Stored items from a collection
★ ★ ★ ★
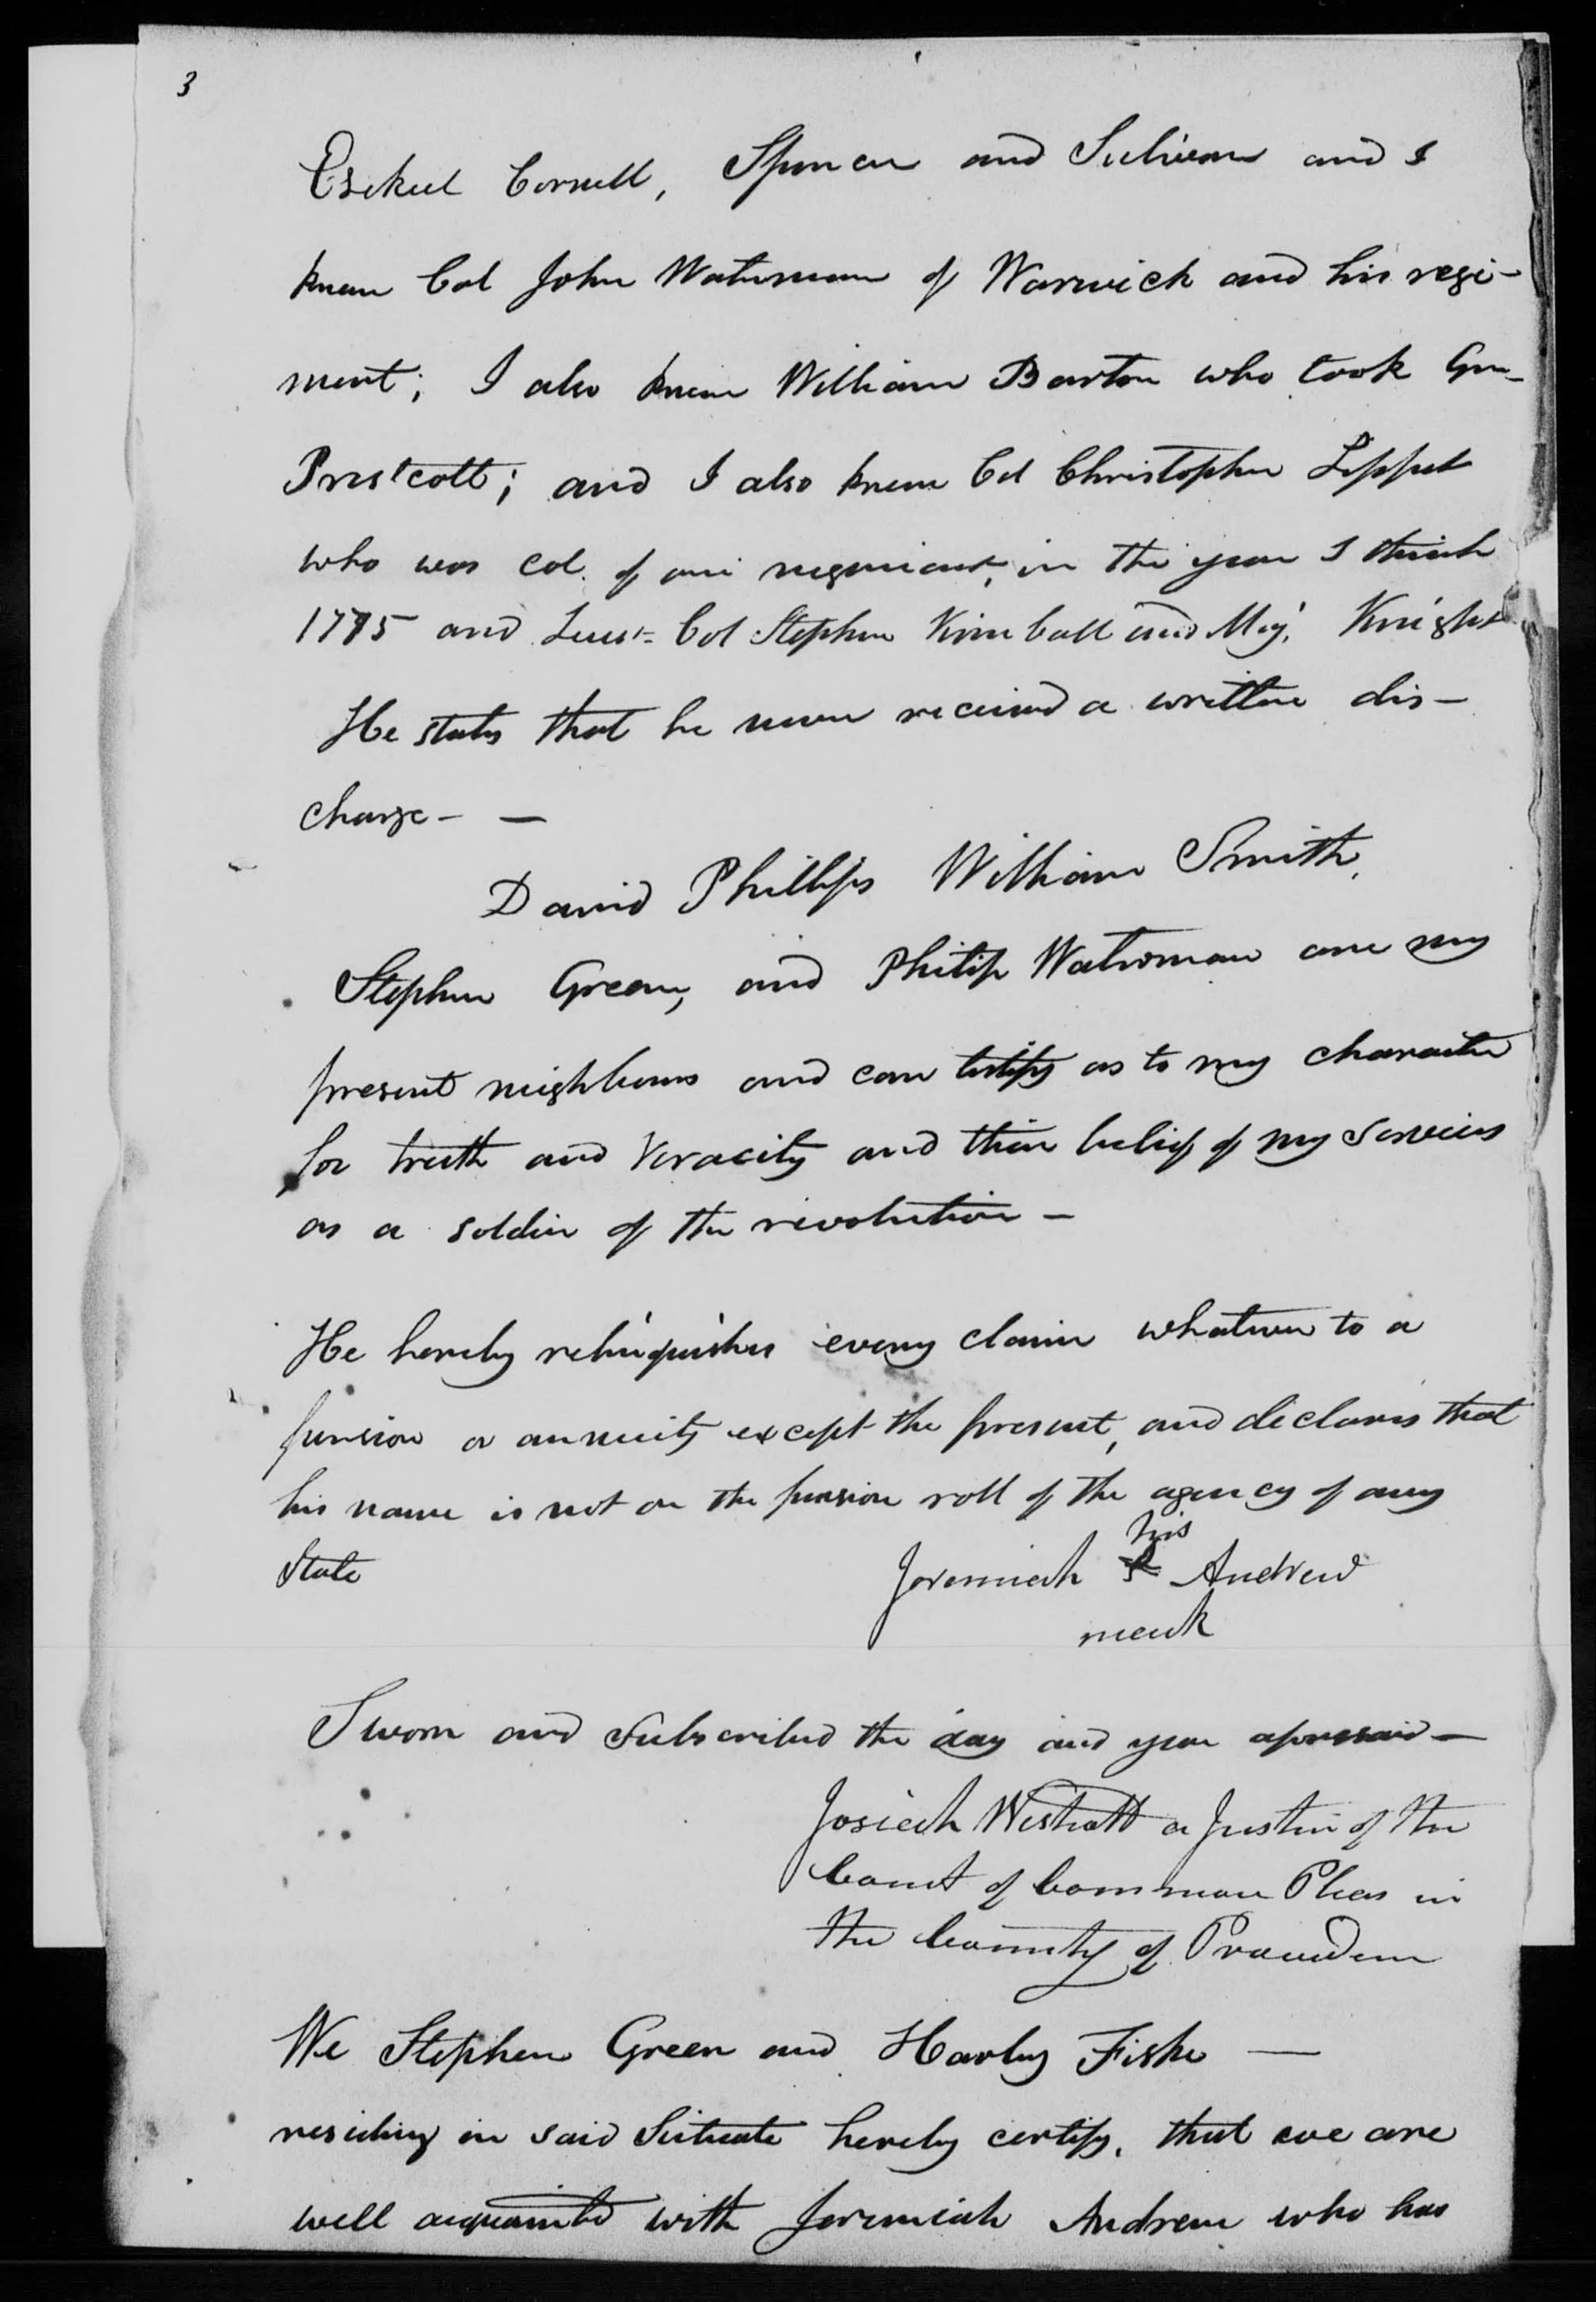Eschel Cornell, Spencer and Silver and I
know Col John Waterman of Warwick and his regiment. I also knew William Barton who took
Gen Prestcott; and I also knew Col Christopher Lippet [Lisset?] who was Col of our regiment in the year I think 1775 and Lieut Col Stephen Kimball and Maj. Knight
He states that he never received a written discharge --

David Phillips William Smith, Stephen Green and Philip Waterman and my present neighbors and can testify as to my character
for truth and veracity and their belief of my services as a soldier of the revolution -

He hereby relinquishes every claim whatever to 
a pension or annuity except the present, and declares that his name is not on the pension roll of the agency of any State
Jerimiah [his X mark] Andrew

Sworn and subscribed the day and year aforesaid - 

Josiah Westhall a Justice of the
Court of Common Pleas in
the County of Providence

We Stephen Green and Harley Fiske - residing
in said Scituate hereby certify, that we are
well acquainted with Jeremiah Andrew who has

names: William Smith, David Phillips, Sulivan, Stephen Green, William Barton, Harley Fiske, Ezekiel Cornell, Philip Waterman, Josiah Westcott, Jeremiah Andrew, Christopher Lippet, Stephen Green, Spencer, John Waterman, Jeremiah Andrew
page: 5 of 29
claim: survivor's
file: S 21602, Jeremiah Andrew, R.I.
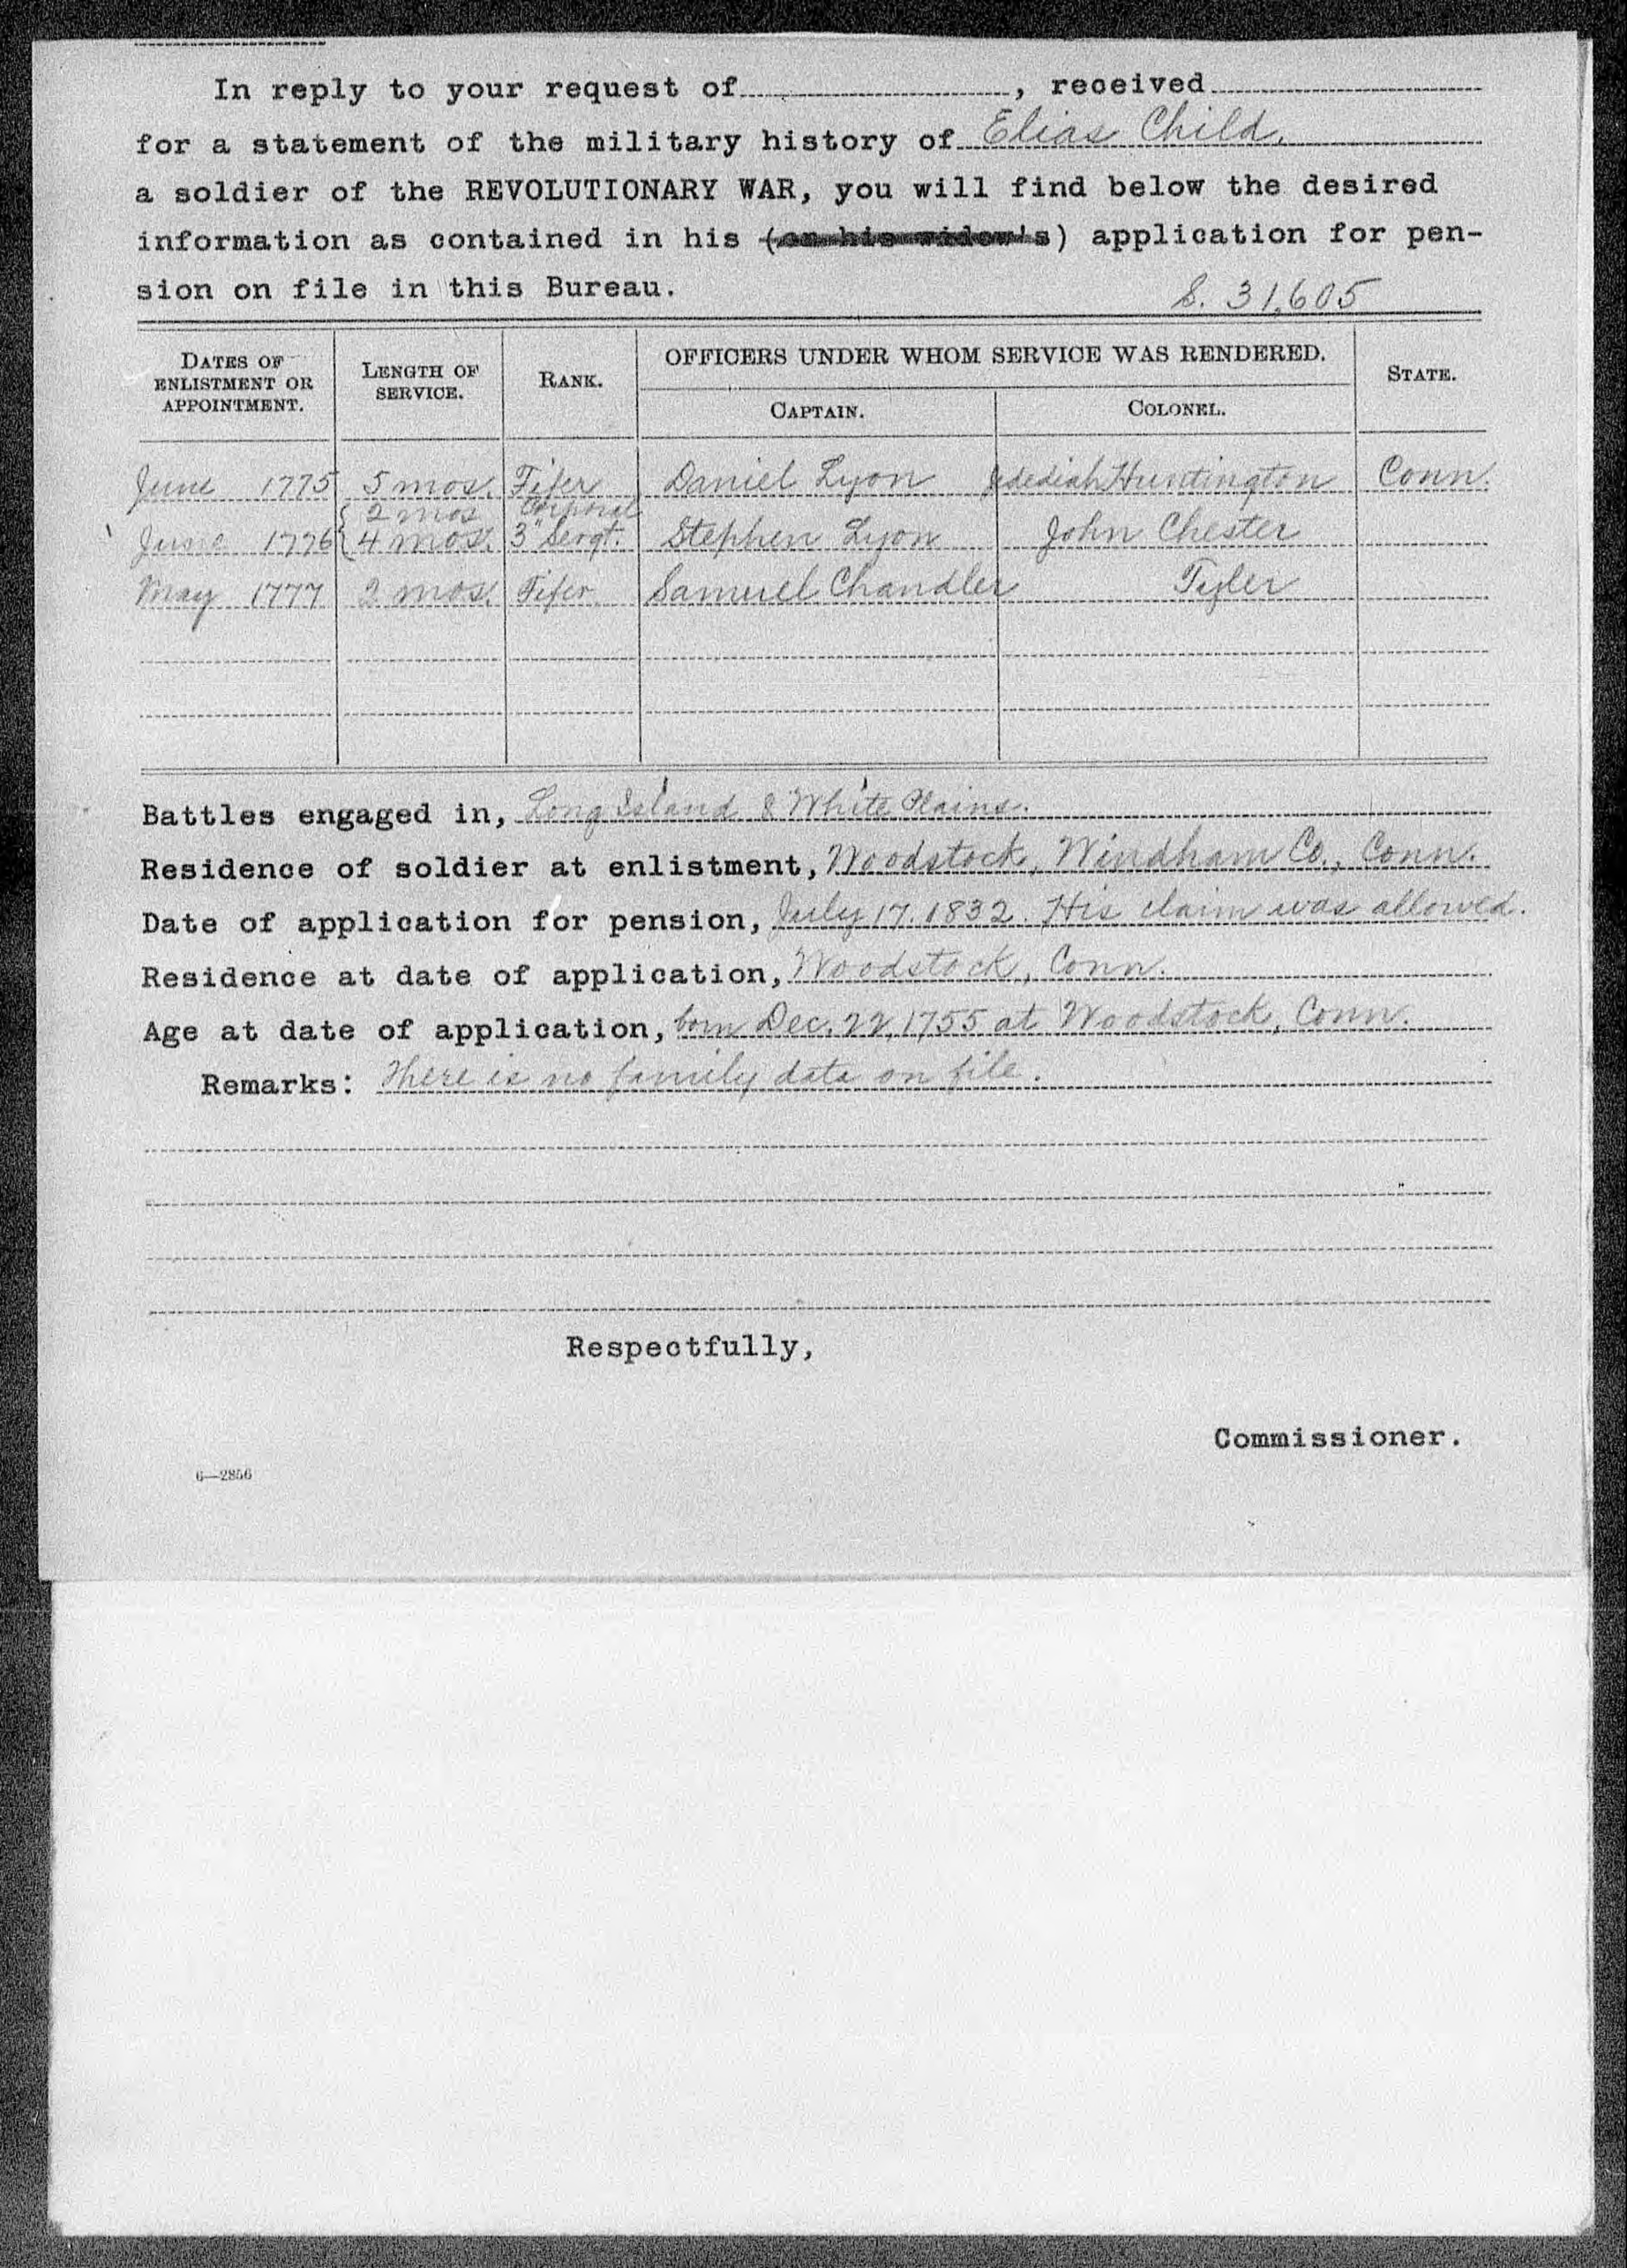In reply to your request of ..........., record ............ for a statement of the military history of ELias Child a soldier of the Revolutionary War, you will find below the desired information as contained in his application for pension on file in this Bureau.
S. 31.605
DATES OF ENLISTMENT
LENGTH OF SERVICE
RANK
OFFICERS UNDER WHOM SERVICE WAS RENDERED
CAPTAIN COLONEL
STATE
June 1775, 5 mos, Fifer, Daniel Lyon, Jedediah Huntington, Conn.
June 1776, 2 mos, 4 mos, Corporal 3 Sergt, Stephen Lyon, John Chester
May 1777, 2 mos, Fifer, Samuel Chandler, Tyler

Battles engaged in, Long Island & White PLains
Residence of soldier at enlistment, Woodstock, Windhan Co., Conn.
Date of application for pension, July 17 1832, His claim was allowed.
Residence at date of application, Woodstock , Conn.
Age at date of application, born Dec 22, 1755 at Woodstock, Conn.
Remarks: There is no family date on file.
Respectfully, Commissioner.

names: Stephen Lyon, Tyler, Elias Child, Samuel Chandler, Jedediah Huntington, John Chester, Daniel Lyon
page: 34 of 34
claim: survivor's
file: S. 31,605, Elias Child, Conn.
★ ★ ★ ★
# WHAT THIS TASK INVOLVES
Write out every entry above exactly as it stands, minus the pictures.

# YOUR RESPONSE
Eschel Cornell, Spencer and Silver and I
know Col John Waterman of Warwick and his regiment. I also knew William Barton who took
Gen Prestcott; and I also knew Col Christopher Lippet [Lisset?] who was Col of our regiment in the year I think 1775 and Lieut Col Stephen Kimball and Maj. Knight
He states that he never received a written discharge --

David Phillips William Smith, Stephen Green and Philip Waterman and my present neighbors and can testify as to my character
for truth and veracity and their belief of my services as a soldier of the revolution -

He hereby relinquishes every claim whatever to 
a pension or annuity except the present, and declares that his name is not on the pension roll of the agency of any State
Jerimiah [his X mark] Andrew

Sworn and subscribed the day and year aforesaid - 

Josiah Westhall a Justice of the
Court of Common Pleas in
the County of Providence

We Stephen Green and Harley Fiske - residing
in said Scituate hereby certify, that we are
well acquainted with Jeremiah Andrew who has

names: William Smith, David Phillips, Sulivan, Stephen Green, William Barton, Harley Fiske, Ezekiel Cornell, Philip Waterman, Josiah Westcott, Jeremiah Andrew, Christopher Lippet, Stephen Green, Spencer, John Waterman, Jeremiah Andrew
page: 5 of 29
claim: survivor's
file: S 21602, Jeremiah Andrew, R.I.
In reply to your request of ..........., record ............ for a statement of the military history of ELias Child a soldier of the Revolutionary War, you will find below the desired information as contained in his application for pension on file in this Bureau.
S. 31.605
DATES OF ENLISTMENT
LENGTH OF SERVICE
RANK
OFFICERS UNDER WHOM SERVICE WAS RENDERED
CAPTAIN COLONEL
STATE
June 1775, 5 mos, Fifer, Daniel Lyon, Jedediah Huntington, Conn.
June 1776, 2 mos, 4 mos, Corporal 3 Sergt, Stephen Lyon, John Chester
May 1777, 2 mos, Fifer, Samuel Chandler, Tyler

Battles engaged in, Long Island & White PLains
Residence of soldier at enlistment, Woodstock, Windhan Co., Conn.
Date of application for pension, July 17 1832, His claim was allowed.
Residence at date of application, Woodstock , Conn.
Age at date of application, born Dec 22, 1755 at Woodstock, Conn.
Remarks: There is no family date on file.
Respectfully, Commissioner.

names: Stephen Lyon, Tyler, Elias Child, Samuel Chandler, Jedediah Huntington, John Chester, Daniel Lyon
page: 34 of 34
claim: survivor's
file: S. 31,605, Elias Child, Conn.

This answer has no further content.